Find the line below with "Character: 䉐". Print it and every line after it exactly, through the last line, leaving out the pictures.

# # # #

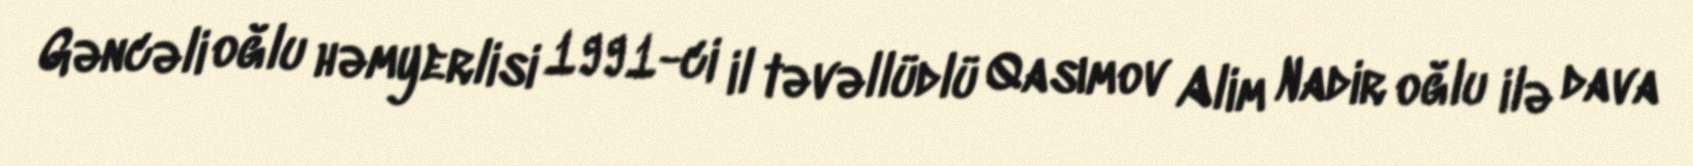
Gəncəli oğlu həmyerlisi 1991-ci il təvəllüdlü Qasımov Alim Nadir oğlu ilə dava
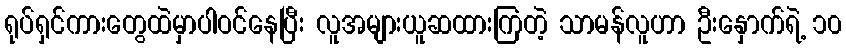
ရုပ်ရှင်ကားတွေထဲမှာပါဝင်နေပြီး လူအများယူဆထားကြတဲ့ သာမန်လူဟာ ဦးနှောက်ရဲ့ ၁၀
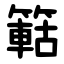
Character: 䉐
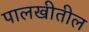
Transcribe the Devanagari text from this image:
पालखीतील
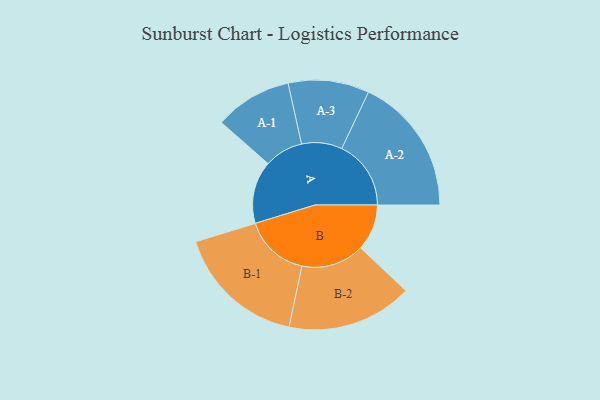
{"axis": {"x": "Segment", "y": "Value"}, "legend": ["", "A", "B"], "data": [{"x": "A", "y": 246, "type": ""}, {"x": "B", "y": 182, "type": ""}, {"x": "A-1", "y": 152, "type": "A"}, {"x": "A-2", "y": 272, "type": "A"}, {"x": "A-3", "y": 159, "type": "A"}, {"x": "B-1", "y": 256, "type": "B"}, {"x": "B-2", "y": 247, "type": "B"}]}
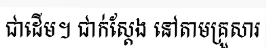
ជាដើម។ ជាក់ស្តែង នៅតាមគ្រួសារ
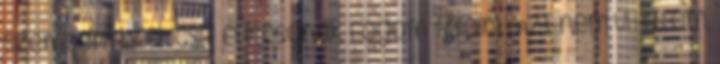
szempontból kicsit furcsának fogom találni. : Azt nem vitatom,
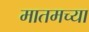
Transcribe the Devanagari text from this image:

# # # #

§ Answer section:
Character: 䉐
Transcribe the Devanagari text from this image:
पालखीतील
{"axis": {"x": "Segment", "y": "Value"}, "legend": ["", "A", "B"], "data": [{"x": "A", "y": 246, "type": ""}, {"x": "B", "y": 182, "type": ""}, {"x": "A-1", "y": 152, "type": "A"}, {"x": "A-2", "y": 272, "type": "A"}, {"x": "A-3", "y": 159, "type": "A"}, {"x": "B-1", "y": 256, "type": "B"}, {"x": "B-2", "y": 247, "type": "B"}]}
ជាដើម។ ជាក់ស្តែង នៅតាមគ្រួសារ
szempontból kicsit furcsának fogom találni. : Azt nem vitatom,
Transcribe the Devanagari text from this image:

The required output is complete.